CDC Issues Pandemic Systems Plan (
Page 1 of 3 )
In
the face of pushback from hospitals and physicians, the CDC has revamped its
ambitious BioSense network, designed to provide early warning of a potential flu
outbreak. Now the agency is offering grants to promote the sharing of data
among state health departments, while building new systems to alert physicians
in the event of a pandemic.
By Doug Bartholomew and Chris Gonsalves
Are the nation’s systems ready to support an
all-out fight against a pandemic influenza such as the avian flu?
The just-released Influenza Pandemic Plan from the
Centers for Disease Control and Prevention (CDC) lists 13 different systems for
identifying, alerting, responding to and tracking a potential pandemic flu
outbreak. Most of these systems—some are completed, while others are under
development—are designed to perform specific tasks, but the CDC continues to
struggle with its centerpiece, the fledgling $100 million BioSense network.
If avian flu were to suddenly make the biological
leap to a form that could be transmitted among humans,
U.S.
hospitals and physicians’ offices would be overwhelmed. An estimated 18 million
patients would need immediate care, 300,000 to 800,000 of them would require
hospitalization and 90,000 to 200,000 people could die.
Nor is the avian flu, known as H5N1, the only
potential virus that could develop into a pandemic. During the 20th century,
there were three influenza pandemics. The so-called Spanish influenza pandemic
of 1918 killed more than half a million people in the
United
States, with a global mortality
estimated at 20 million to 40 million people. The 1957 Asian flu caused an
estimated 80,000 deaths in the
United
States, while the
Hong
Kong pandemic of 1968-69 affected 51 million Americans,
resulting in an estimated 30,000 deaths in this country.
The possibility of an influenza pandemic—defined by
the CDC as a novel virus that is readily transmissible and causes disease in
humans—is so serious that Uncle Sam is setting up a host of systems to detect
and support a nationwide response should an outbreak occur. Since 2002, the CDC
has spent more than $5 billion to improve public health preparedness and
response.
Early Warning System
The CDC’s primary nationwide hospital network-based
defensive system, the BioSense Network (see Baseline, March 2006), was designed
to provide early warning of a potential avian flu or other massive influenza
outbreak. Originally conceived as a nationwide alarm system that would enlist
thousands of hospitals on a network that would automatically “sniff out” every
flu-like diagnosis, BioSense was to provide CDC with what, in effect, would
have been a national stethoscope capable of gauging the health of the population.
Urban, statewide, regional and even national outbreaks of any illness
displaying flu-like symptoms would have been detected very early, enabling
local, state and federal health agencies to respond quickly.
BioSense was designed to sit atop participating
hospitals’ existing systems, gathering and analyzing their data in real time.
The network was intended to provide a constantly refreshed flow—updated every
15 minutes—of patient information from the field. Using this information, CDC
epidemiologists would be able to immediately detect the early signs of an
outbreak of any flu-like disease. The hope was that by providing early
detection, BioSense would help the CDC focus its resources on controlling an
outbreak.
Unfortunately, in 2006 and 2007, BioSense encountered
significant resistance from wary physicians and hospital administrators around
the country. “Our approach turned out to be much more difficult than
anticipated,” says Dr. Leslie Lenert, director of the CDC’s
National
Center for
Public Health Informatics, who is responsible for managing the application of
information technology in all health care settings. “We got a lot of pushback
on BioSense.”
Part of the problem was that BioSense required health
care facilities to recode patient and medical records so the CDC’s custom-built
software could monitor the hospital’s network and identify relevant data about
patients. Many hospitals were unwilling to take on such a complicated technology
project, given their limited IT staffs and resources.
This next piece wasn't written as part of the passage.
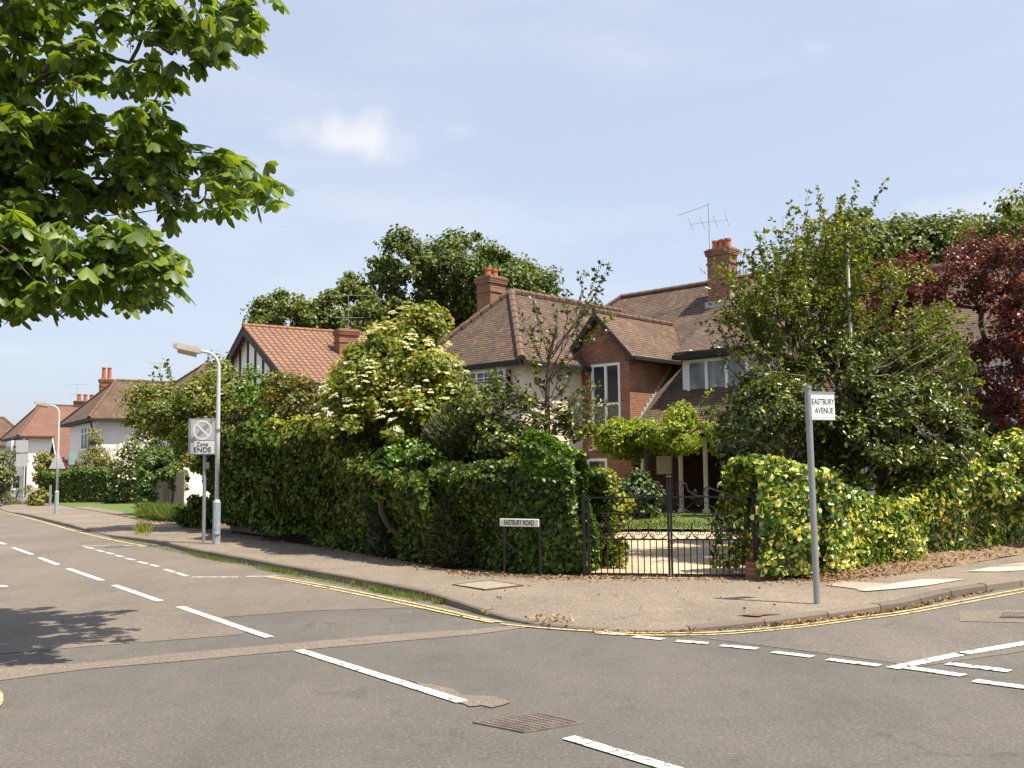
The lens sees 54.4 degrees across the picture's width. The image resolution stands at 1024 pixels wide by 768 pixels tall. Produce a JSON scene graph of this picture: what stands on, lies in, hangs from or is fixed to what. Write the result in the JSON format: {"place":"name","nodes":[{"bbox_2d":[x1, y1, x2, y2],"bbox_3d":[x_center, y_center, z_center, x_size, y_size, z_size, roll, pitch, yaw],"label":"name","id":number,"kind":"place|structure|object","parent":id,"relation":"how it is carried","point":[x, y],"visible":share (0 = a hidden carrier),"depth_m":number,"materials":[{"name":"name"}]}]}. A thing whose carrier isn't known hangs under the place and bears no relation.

“We found that the process was very human-dependent,”
Dr. Lenert explains. “Getting a public health technician inside a hospital
requires close collaboration with the hospital’s
CIO, as
well as trust that’s based on personal relationships.”
In addition to the technological hurdle of having
to standardize patient data, many physicians and state health department
epidemiologists expressed concern over the federal government’s move to usurp
what they saw as their role in protecting the public’s health. Part of the
problem, according to Dr. Lenert, resulted from the federal government ignoring
state, regional and local health care agencies. In addition, some hospital
administrators were wary of transmitting local health care data electronically
to the federal government.
“BioSense was very controversial, and there was a
question about its usefulness,” says Dr. Erica Pan, director of the
Bioterrorism and Infectious Disease Emergencies Unit at the San Francisco
Department of Public Health. The medical community was skeptical of the need for
such a system, believing that it is their responsibility, along with community
and state health department officials, to identify and act on a disease
outbreak. “You really need people on the local level to ask the right
epidemiological questions,” she explains.